My mom sees herself as an amazing person, so when I pointed out her flaws… she told me to f*** off, basically. I remember so clearly that at one point, I showed her a book with certain things that resembled things that stuck in my head and needed help. She took a quick glance and laughed at me! Oh haha, funny joke! She told me depression didn’t exist and that I should go away so she could continue watching her TV show.

 

I don’t trust her anymore. Or anyone for that matter.

 

6:55 pm, Tuesday, 4th February 2020, Middle School

Mom tried to strangle me.

 

6:36 pm, Monday, 21st December 2020, High School

Everything is my fault. If I just didn’t open my mouth then people wouldn’t get angry; as long as I did as they said then everything would go smoothly. Hah! Who am I kidding? Even if I don’t open my mouth and speak, they will still find something wrong and need fixing about me. Yay. I need to go to a therapist. They kept degrading me, bullying me for my body, choking me, and all of that jazz. What am I supposed to do? Talk to a friend? LMAO I need help, not friends.

 

You know what, this whole paragraph makes no sense. In short, my mom just got home and yelled at me for nothing LOL (“If you didn’t want to cook then just tell me”, “If you’re so busy studying then our family could have just had fast food or something since you didn’t want to cook”). My dad also did what he does regularly (first thing he said: “Why haven’t you made dinner yet”), calling my mom to confirm that I am cooking. By the way, this was all before my mom came home. Oh he also, with my mom, blamed me for the smoking in the house that was done by my grandfather. Yay, best family.

 

12:51 pm, Monday, 8th February 2021, High School

I hate this, I hate everything. Whatever my brother left behind, I had to clean up. And when I don’t do it, I of course get scolded and yelled at while my brother got nothing. I’m watching sad videos to cheer me up (Note: it didn’t work).

 

11:47 pm, Wednesday, 15th August 2021, High School

My dad just came home last week I think. it’s only been like 3 days, and he’s been making a fuss since yesterday, I feel like s***. He just couldn’t just be alone and, in turn, leave me alone. He keeps starting arguments by himself.

 

Mom said I grew up too early, yeah YOU THINK?? Whose fault do you think that is?

I need therapy.

 

5:53 pm, Saturday, 18th December 2021, High School

Thinking I want to die is now a daily routine. Not that I didn’t think that before, it’s just way more frequent now.

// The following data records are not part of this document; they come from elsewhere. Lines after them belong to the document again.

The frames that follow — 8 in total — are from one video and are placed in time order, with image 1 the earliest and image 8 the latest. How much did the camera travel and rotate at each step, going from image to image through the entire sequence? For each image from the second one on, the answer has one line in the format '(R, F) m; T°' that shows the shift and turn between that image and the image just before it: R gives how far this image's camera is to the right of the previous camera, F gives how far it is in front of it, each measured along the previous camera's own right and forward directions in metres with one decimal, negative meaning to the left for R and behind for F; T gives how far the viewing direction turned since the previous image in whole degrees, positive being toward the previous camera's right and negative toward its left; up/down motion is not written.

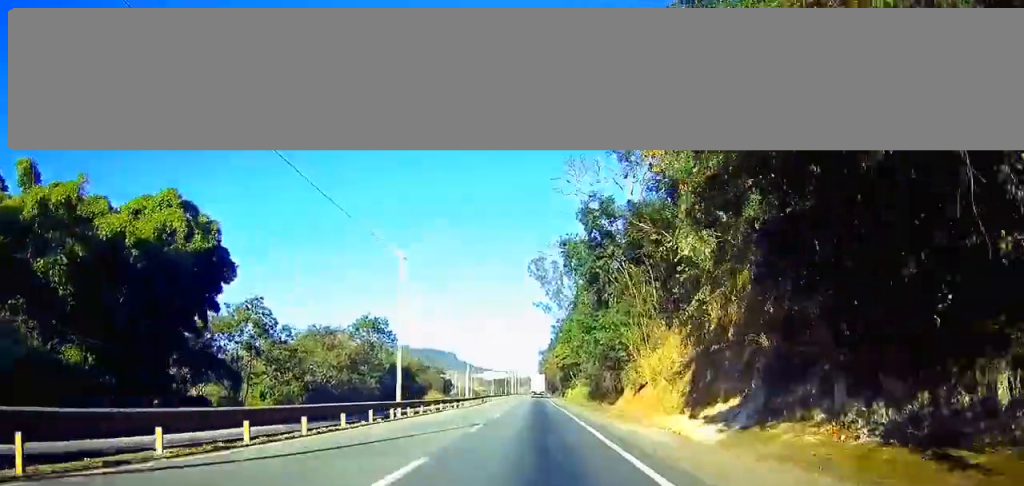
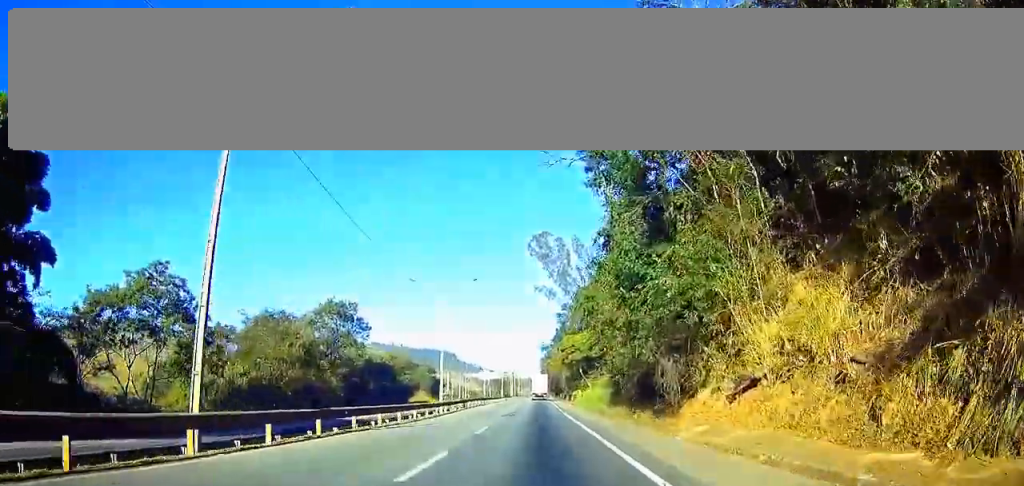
(0.0, +23.1) m; 0°
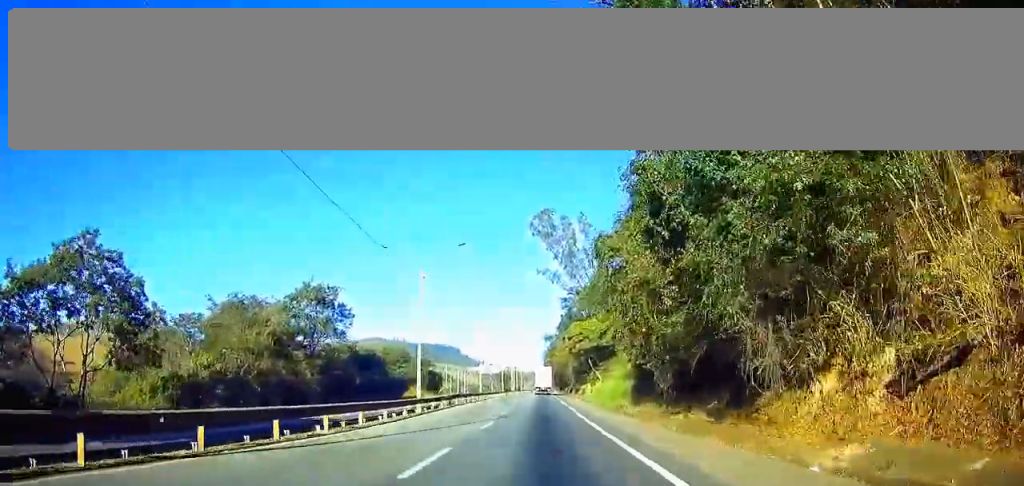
(0.0, +11.5) m; 0°
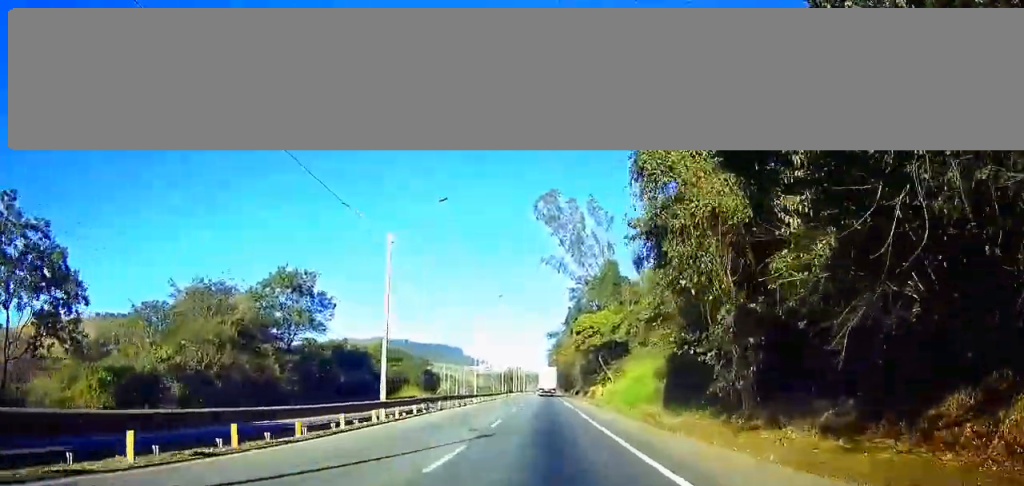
(0.0, +10.7) m; 0°
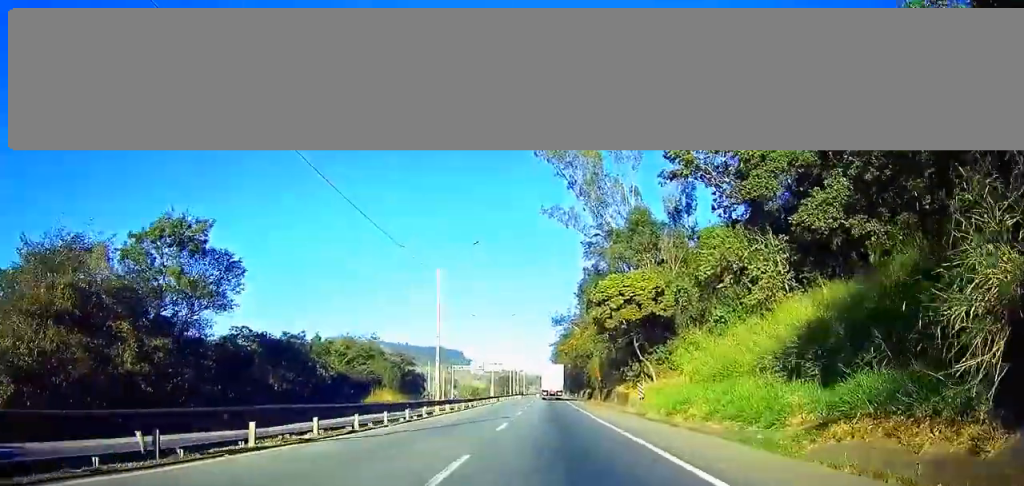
(0.0, +27.3) m; 0°
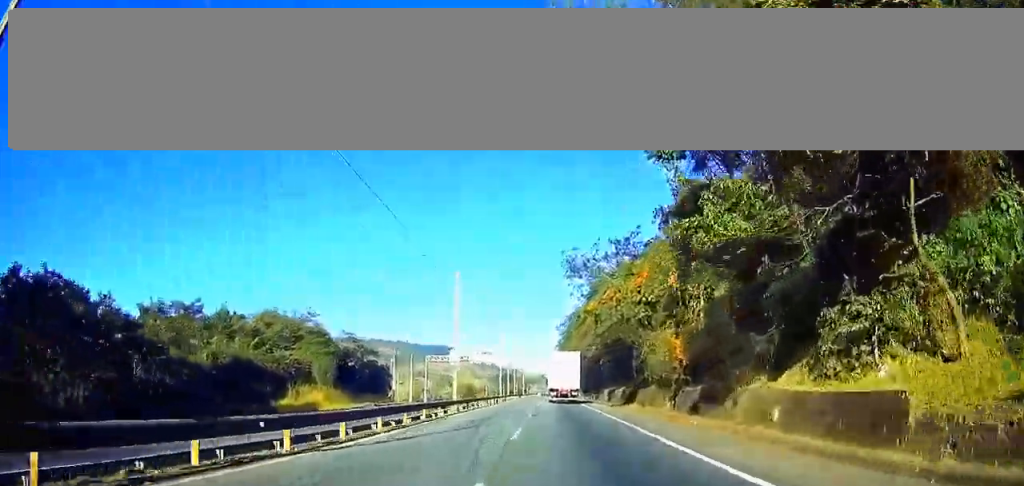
(-0.2, +39.3) m; -1°
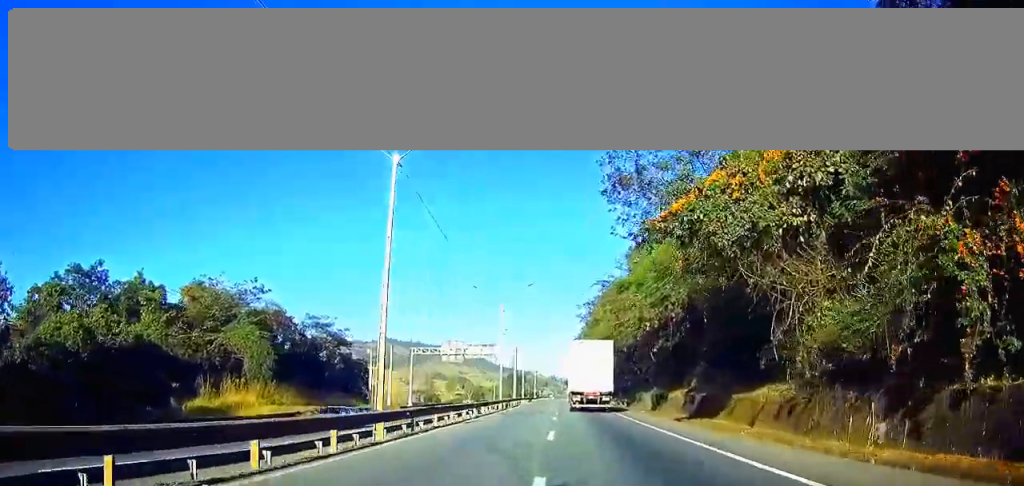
(-0.1, +23.2) m; 0°
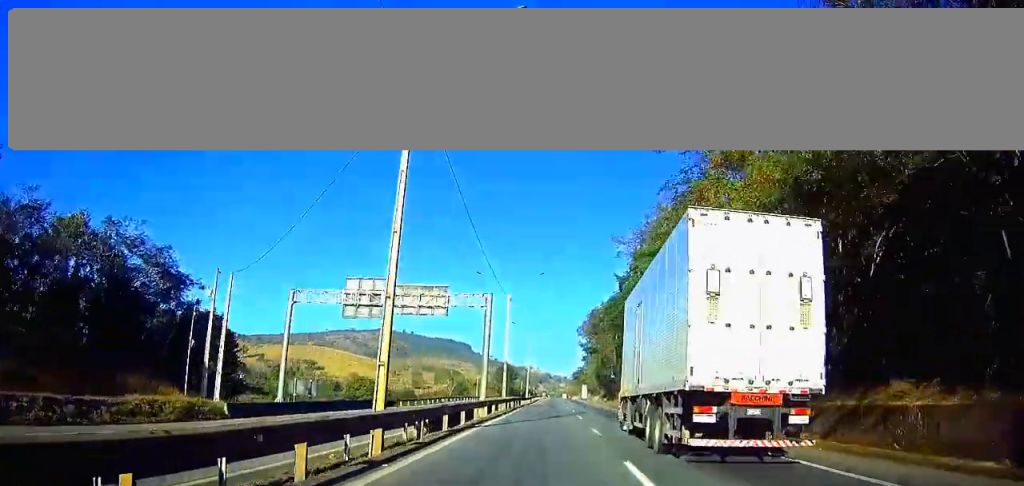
(-0.3, +45.5) m; 0°
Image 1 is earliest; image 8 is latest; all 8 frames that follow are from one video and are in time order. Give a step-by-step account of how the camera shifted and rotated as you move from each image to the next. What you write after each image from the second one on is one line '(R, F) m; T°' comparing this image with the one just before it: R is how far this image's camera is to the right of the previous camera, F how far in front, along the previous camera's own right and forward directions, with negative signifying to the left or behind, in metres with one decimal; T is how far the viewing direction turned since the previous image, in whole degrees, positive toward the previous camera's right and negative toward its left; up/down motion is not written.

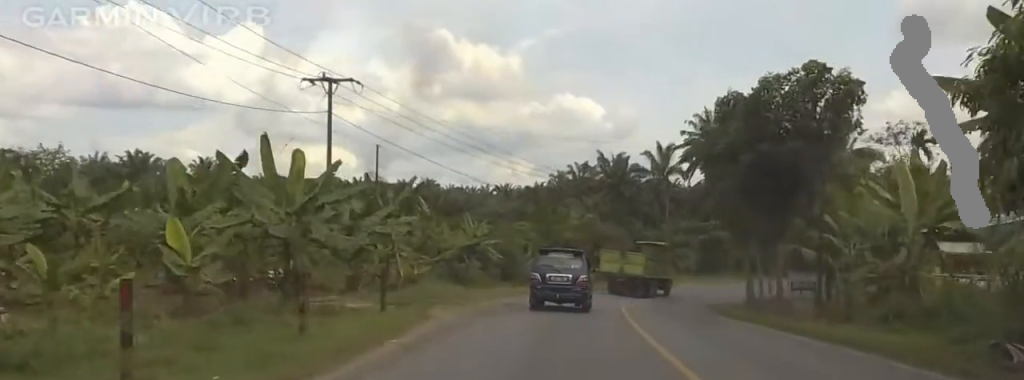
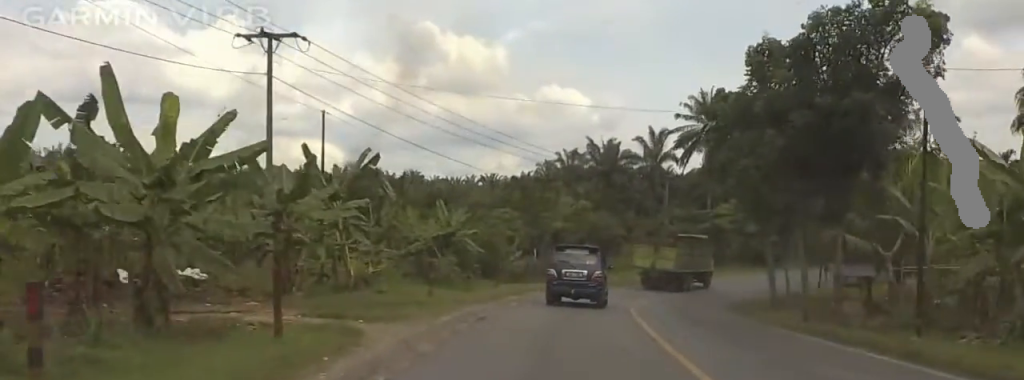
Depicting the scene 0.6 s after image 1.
(0.0, +7.5) m; 0°
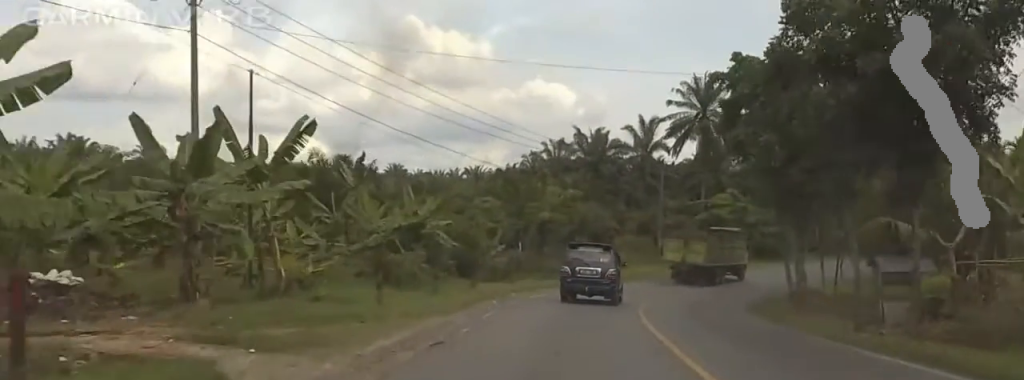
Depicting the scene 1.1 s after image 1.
(0.0, +6.2) m; +2°
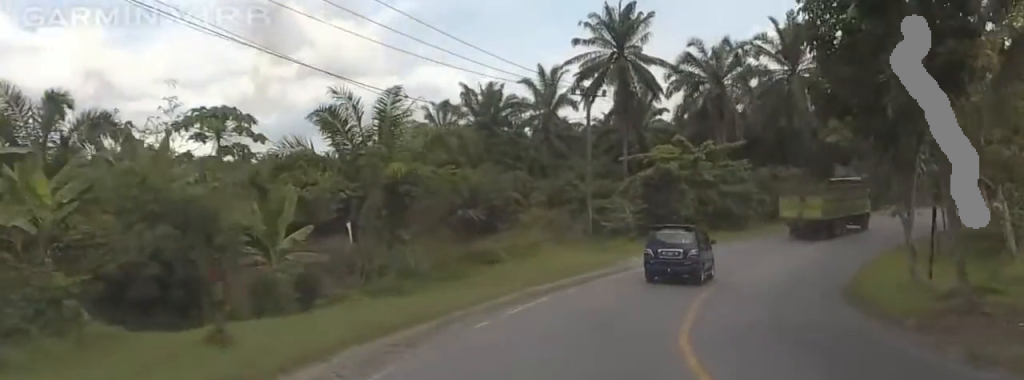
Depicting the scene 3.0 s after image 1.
(+1.5, +25.1) m; +9°
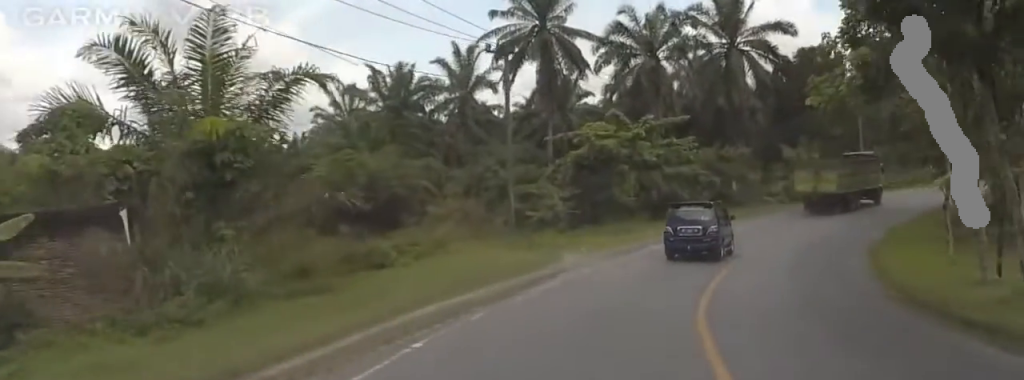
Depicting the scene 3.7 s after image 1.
(+0.1, +9.9) m; +6°
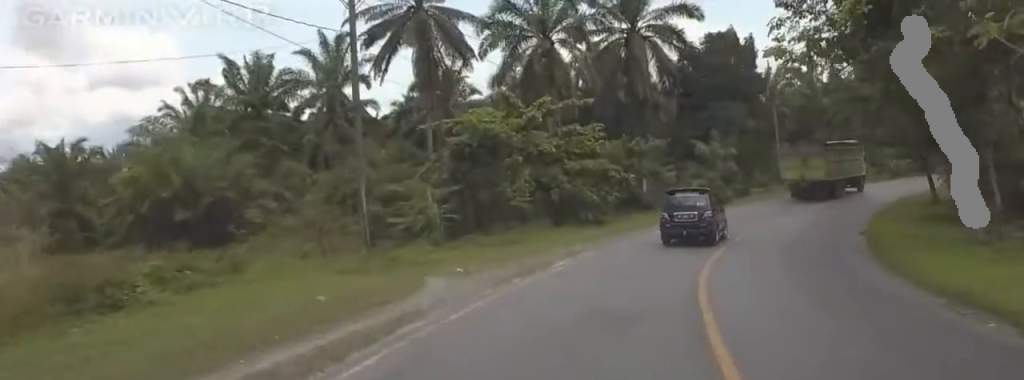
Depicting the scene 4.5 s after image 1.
(+1.2, +11.4) m; +6°
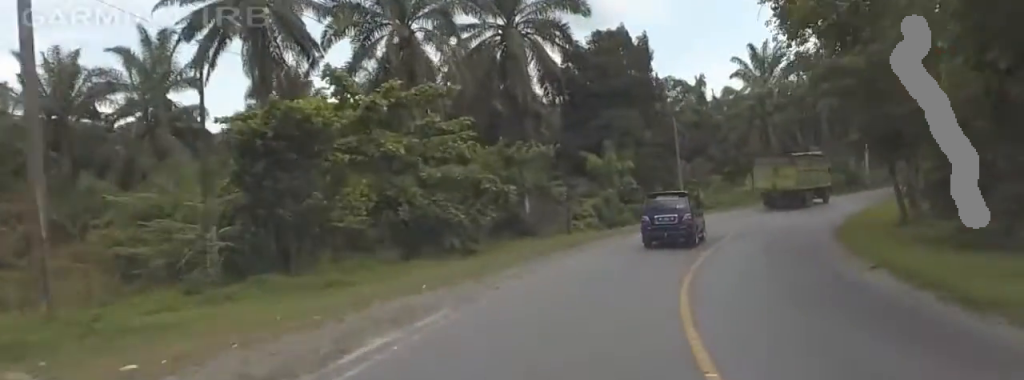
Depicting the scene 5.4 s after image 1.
(+0.1, +12.8) m; +4°
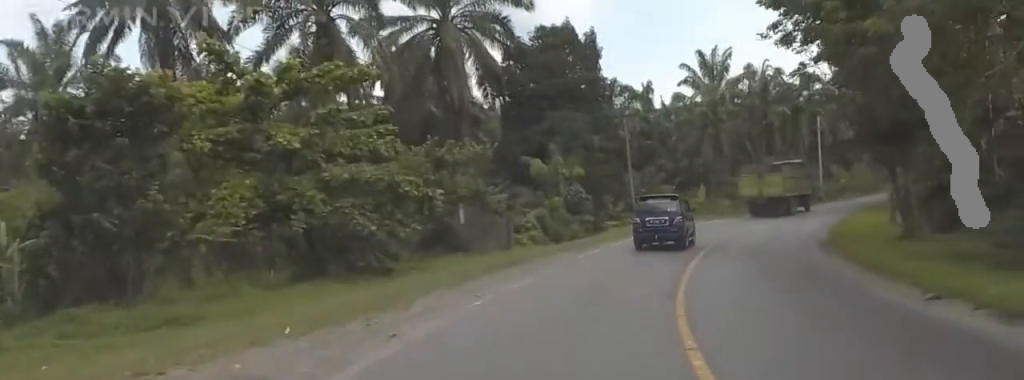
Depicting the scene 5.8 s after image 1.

Like four or five or maybe 10 times per day?

 

7:05 pm, Saturday, 5th March 2022, High School 

I’ve been sick lately (since Wednesday) due to Mom getting COVID. Dad bought me a banh mi Thursday morning! That’s the nicest thing he’s ever done since forever. It did slip my mind that maybe after all these years he isn’t so bad after all…Well, comparing this to how he treats my brother…it’s quite the leap.

 

6:54 pm, Thursday, 14th April 2022, High School

I’m tired too, you know. Stop comparing what I do to what you do as a job. And I just got home. I’m sweaty, I’m exhausted. Stop. I’m not at the age to feel pain yet. 

 

That’s all I’ll share for now. These entries are the ones I am comfortable enough to write out, and I believe these aren’t too heavy but can still demonstrate my emotional state and how I felt then. Thank you for reading.